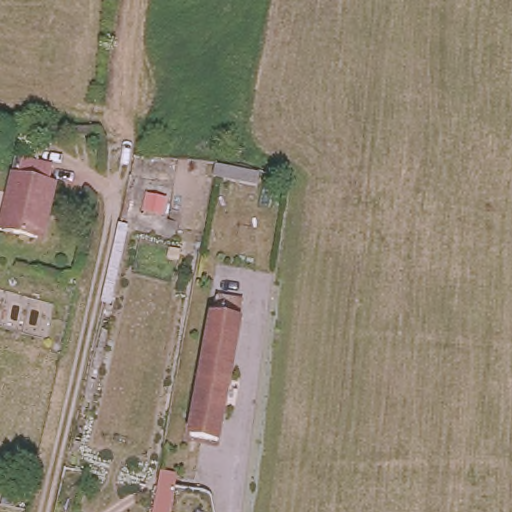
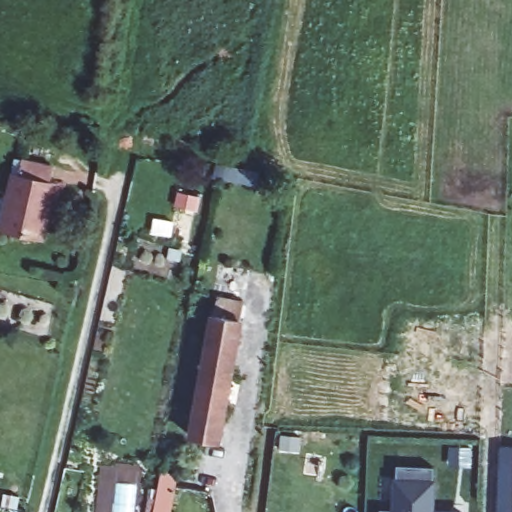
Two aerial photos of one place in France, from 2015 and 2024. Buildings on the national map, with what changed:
unchanged [(37,240),(0,232),(12,175),(18,176),(23,160),(38,165),(54,168),(51,184),(57,185),(50,216),(43,242),(37,240)]
new [(224,167),(259,175),(257,187),(222,180),(224,167)]
unchanged [(237,300),(213,440),(185,435),(211,295),(237,300)]
new [(499,446),(512,447),(512,512),(497,512),(499,446)]
new [(379,510),(394,511),(396,466),(434,468),(432,512),(379,512),(379,510)]
unchanged [(178,477),(175,491),(174,494),(171,512),(152,512),(154,499),(156,492),(156,488),(159,474),(178,477)]

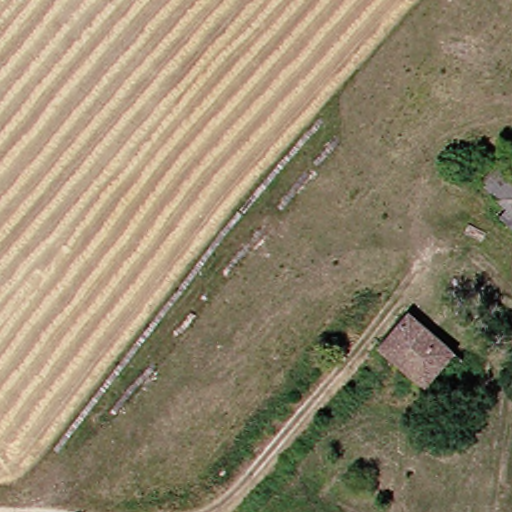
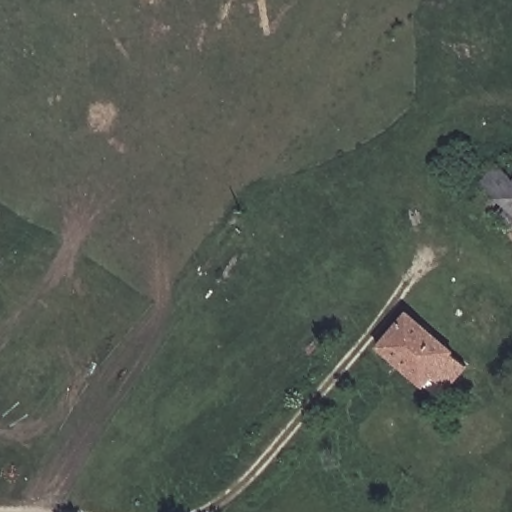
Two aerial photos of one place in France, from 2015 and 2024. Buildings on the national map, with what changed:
unchanged [(480,219),(491,207),(467,186),(489,161),(510,176),(512,174),(512,215),(495,232),(480,219)]
unchanged [(397,311),(445,359),(416,391),(367,347),(397,311)]

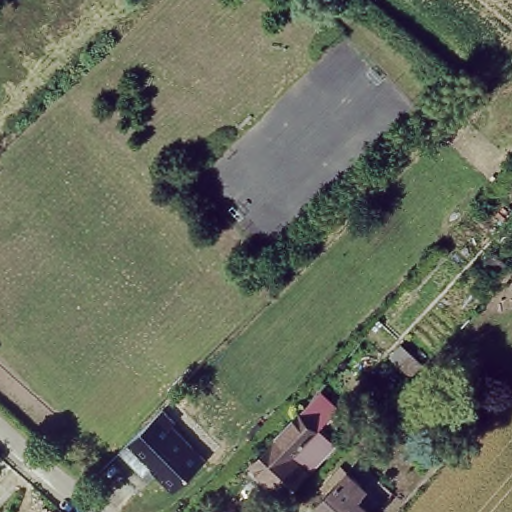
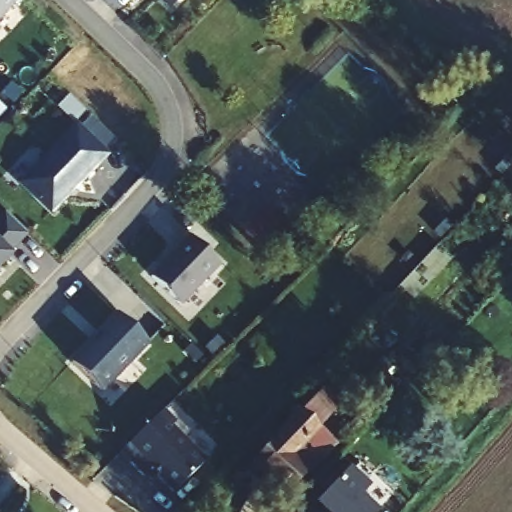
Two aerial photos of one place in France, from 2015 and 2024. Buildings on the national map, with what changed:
new [(19,1),(0,19),(0,0),(18,0),(19,1)]
new [(172,9),(162,0),(181,0),(172,9)]
new [(107,155),(50,215),(17,184),(75,124),(107,155)]
new [(5,214),(25,234),(12,247),(14,249),(0,262),(0,218),(5,214)]
new [(220,266),(180,307),(149,277),(189,235),(220,266)]
new [(69,362),(113,312),(149,344),(102,394),(69,362)]
unchanged [(340,442),(290,500),(250,462),(300,407),(340,442)]
unchanged [(210,457),(175,494),(127,447),(162,410),(210,457)]
unchanged [(361,483),(352,495),(370,512),(330,512),(314,497),(344,465),(361,483)]

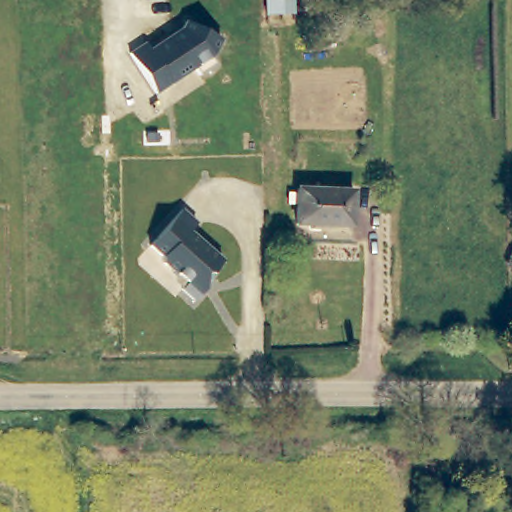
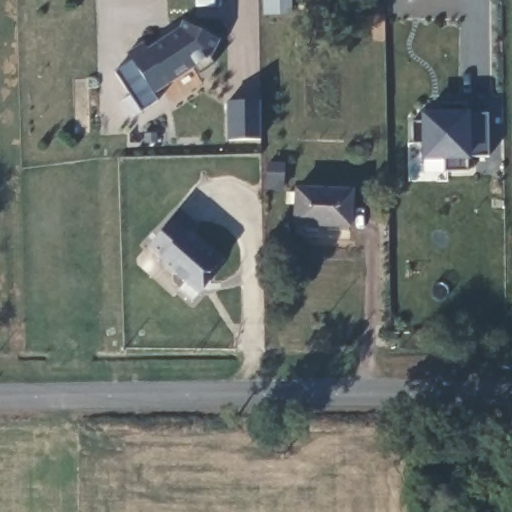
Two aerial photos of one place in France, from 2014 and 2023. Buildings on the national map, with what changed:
unchanged [(213,50),(211,51),(216,59),(200,70),(196,64),(195,63),(155,88),(164,100),(134,119),(104,78),(135,58),(130,49),(145,38),(150,44),(182,24),(185,17),(195,21),(221,34),(213,50)]
new [(227,101),(261,101),(262,139),(228,140),(227,101)]
new [(490,157),(471,156),(471,160),(465,159),(468,170),(445,172),(443,160),(423,160),(422,143),(413,144),(412,121),(421,120),(421,111),(437,111),(440,103),(467,103),(466,110),(470,110),(470,115),(488,114),(490,157)]
unchanged [(350,225),(296,220),(298,187),(353,192),(350,225)]
unchanged [(212,268),(212,276),(205,276),(205,284),(199,291),(195,295),(182,284),(187,278),(164,257),(164,252),(150,240),(182,204),(197,218),(190,226),(199,234),(223,255),(212,268)]

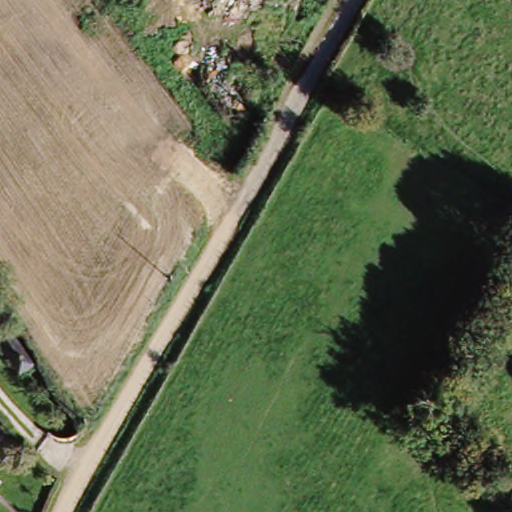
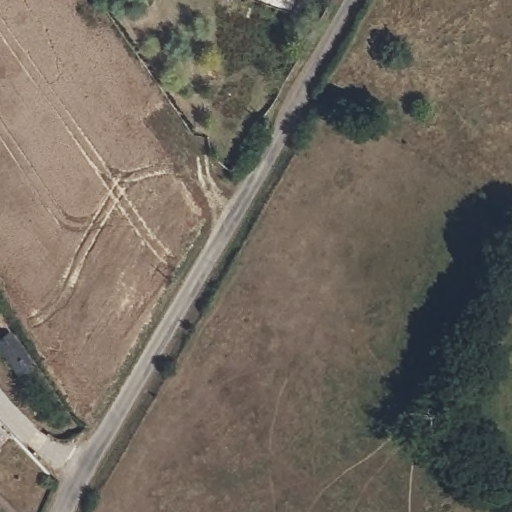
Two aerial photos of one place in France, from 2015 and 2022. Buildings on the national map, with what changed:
unchanged [(20,378),(5,387),(0,380),(0,349),(20,378)]

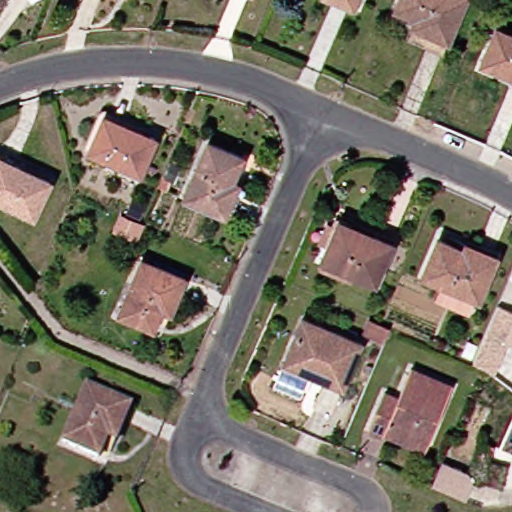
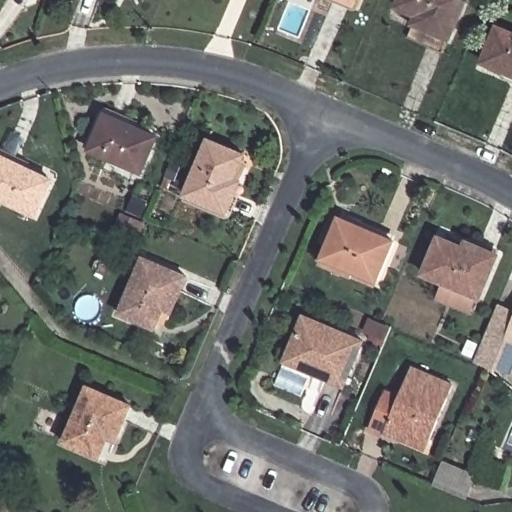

- - - - - - -

## Work required:
Give the data again word for word, without images.

## Written reply:
Two aerial photos of one place in France, from 2015 and 2024. Buildings on the national map, with what changed:
unchanged [(37,240),(0,232),(12,175),(18,176),(23,160),(38,165),(54,168),(51,184),(57,185),(50,216),(43,242),(37,240)]
new [(224,167),(259,175),(257,187),(222,180),(224,167)]
unchanged [(237,300),(213,440),(185,435),(211,295),(237,300)]
new [(499,446),(512,447),(512,512),(497,512),(499,446)]
new [(379,510),(394,511),(396,466),(434,468),(432,512),(379,512),(379,510)]
unchanged [(178,477),(175,491),(174,494),(171,512),(152,512),(154,499),(156,492),(156,488),(159,474),(178,477)]

Two aerial photos of one place in France, from 2015 and 2024. Buildings on the national map, with what changed:
unchanged [(480,219),(491,207),(467,186),(489,161),(510,176),(512,174),(512,215),(495,232),(480,219)]
unchanged [(397,311),(445,359),(416,391),(367,347),(397,311)]

Two aerial photos of one place in France, from 2015 and 2024. Buildings on the national map, with what changed:
new [(19,1),(0,19),(0,0),(18,0),(19,1)]
new [(172,9),(162,0),(181,0),(172,9)]
new [(107,155),(50,215),(17,184),(75,124),(107,155)]
new [(5,214),(25,234),(12,247),(14,249),(0,262),(0,218),(5,214)]
new [(220,266),(180,307),(149,277),(189,235),(220,266)]
new [(69,362),(113,312),(149,344),(102,394),(69,362)]
unchanged [(340,442),(290,500),(250,462),(300,407),(340,442)]
unchanged [(210,457),(175,494),(127,447),(162,410),(210,457)]
unchanged [(361,483),(352,495),(370,512),(330,512),(314,497),(344,465),(361,483)]

Two aerial photos of one place in France, from 2014 and 2023. Buildings on the national map, with what changed:
unchanged [(213,50),(211,51),(216,59),(200,70),(196,64),(195,63),(155,88),(164,100),(134,119),(104,78),(135,58),(130,49),(145,38),(150,44),(182,24),(185,17),(195,21),(221,34),(213,50)]
new [(227,101),(261,101),(262,139),(228,140),(227,101)]
new [(490,157),(471,156),(471,160),(465,159),(468,170),(445,172),(443,160),(423,160),(422,143),(413,144),(412,121),(421,120),(421,111),(437,111),(440,103),(467,103),(466,110),(470,110),(470,115),(488,114),(490,157)]
unchanged [(350,225),(296,220),(298,187),(353,192),(350,225)]
unchanged [(212,268),(212,276),(205,276),(205,284),(199,291),(195,295),(182,284),(187,278),(164,257),(164,252),(150,240),(182,204),(197,218),(190,226),(199,234),(223,255),(212,268)]

Two aerial photos of one place in France, from 2015 and 2022. Buildings on the national map, with what changed:
unchanged [(20,378),(5,387),(0,380),(0,349),(20,378)]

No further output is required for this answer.